Colin Robert Vaughan Campbell, 7th Earl Cawdor (born 30 June 1962), is a Scottish peer and architect. He is also known for having legal issues with his stepmother Countess Cawdor. He is the elder son and third child of Hugh John Vaughan Campbell, 6th Earl Cawdor and his first wife Cathryn Hinde. He married Lady Isabella Rachel Stanhope (born 1 October 1966), youngest daughter of William Stanhope, 11th Earl of Harrington and (his only daughter by) his third wife Priscilla Margaret Cubitt, herself granddaughter of the 2nd Baron Ashcombe, on 21 October 1994.
Lady Cawdor is a former Vogue fashion editor and stylist who has now turned to interior decorating. Lord and Lady Cawdor have four children:
- Lady Jean Campbell (b ca. 1997)
- James Chester Campbell, Viscount Emlyn (b. 8 July 1998)

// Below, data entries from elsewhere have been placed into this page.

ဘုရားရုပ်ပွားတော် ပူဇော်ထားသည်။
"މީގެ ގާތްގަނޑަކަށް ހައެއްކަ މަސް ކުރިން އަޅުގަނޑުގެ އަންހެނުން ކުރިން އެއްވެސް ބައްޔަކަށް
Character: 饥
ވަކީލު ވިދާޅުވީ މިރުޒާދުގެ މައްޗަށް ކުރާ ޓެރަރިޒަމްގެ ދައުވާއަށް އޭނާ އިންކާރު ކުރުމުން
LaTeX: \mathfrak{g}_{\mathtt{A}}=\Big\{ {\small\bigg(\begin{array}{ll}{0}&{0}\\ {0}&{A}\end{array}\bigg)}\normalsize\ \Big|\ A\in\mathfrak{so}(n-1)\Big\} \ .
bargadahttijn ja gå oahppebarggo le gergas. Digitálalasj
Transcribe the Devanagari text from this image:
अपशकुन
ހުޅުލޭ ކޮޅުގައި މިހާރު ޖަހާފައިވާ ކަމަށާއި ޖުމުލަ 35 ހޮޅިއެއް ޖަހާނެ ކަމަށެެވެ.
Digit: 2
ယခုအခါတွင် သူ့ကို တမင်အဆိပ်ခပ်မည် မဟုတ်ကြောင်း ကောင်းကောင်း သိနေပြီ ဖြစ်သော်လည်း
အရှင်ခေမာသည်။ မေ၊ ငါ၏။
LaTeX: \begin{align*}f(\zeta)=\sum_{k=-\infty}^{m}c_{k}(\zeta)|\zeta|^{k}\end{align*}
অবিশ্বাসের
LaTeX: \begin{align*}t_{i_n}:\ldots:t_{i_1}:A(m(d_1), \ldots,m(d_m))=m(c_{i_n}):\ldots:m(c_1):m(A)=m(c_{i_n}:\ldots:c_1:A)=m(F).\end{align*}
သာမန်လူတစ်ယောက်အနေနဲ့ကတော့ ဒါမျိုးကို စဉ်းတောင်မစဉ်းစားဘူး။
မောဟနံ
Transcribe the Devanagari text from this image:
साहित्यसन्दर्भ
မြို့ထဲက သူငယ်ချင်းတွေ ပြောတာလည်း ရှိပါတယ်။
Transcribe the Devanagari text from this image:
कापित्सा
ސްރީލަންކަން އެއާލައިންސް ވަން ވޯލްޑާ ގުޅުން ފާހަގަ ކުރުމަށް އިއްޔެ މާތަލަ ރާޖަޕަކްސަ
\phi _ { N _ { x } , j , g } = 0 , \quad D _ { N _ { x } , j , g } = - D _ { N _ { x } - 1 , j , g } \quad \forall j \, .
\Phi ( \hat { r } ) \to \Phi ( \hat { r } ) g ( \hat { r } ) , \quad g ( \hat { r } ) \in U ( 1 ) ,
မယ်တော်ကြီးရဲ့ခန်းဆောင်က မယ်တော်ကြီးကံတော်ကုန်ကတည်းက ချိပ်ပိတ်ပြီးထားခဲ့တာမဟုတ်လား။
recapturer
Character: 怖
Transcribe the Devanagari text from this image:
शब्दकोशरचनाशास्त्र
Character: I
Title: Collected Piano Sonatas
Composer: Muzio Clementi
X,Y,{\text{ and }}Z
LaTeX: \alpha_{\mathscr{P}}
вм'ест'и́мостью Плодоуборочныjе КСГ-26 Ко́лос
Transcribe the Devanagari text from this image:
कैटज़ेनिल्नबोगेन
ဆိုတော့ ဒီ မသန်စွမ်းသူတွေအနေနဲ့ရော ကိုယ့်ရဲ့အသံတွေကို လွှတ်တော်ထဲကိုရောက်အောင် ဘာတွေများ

- Lady Eleanor Campbell (b. 2000)
- Lady Beatrice Campbell (b. 2004)
On June 23, 2013, the New York Times quoted one of Campbell's elder sisters, Liza Campbell, in an article that described the law of primogeniture as a legacy instance of sexism, “The posh aspect of it blinds people to what is essentially sexism in a privileged minority, where girls are born less than boys.”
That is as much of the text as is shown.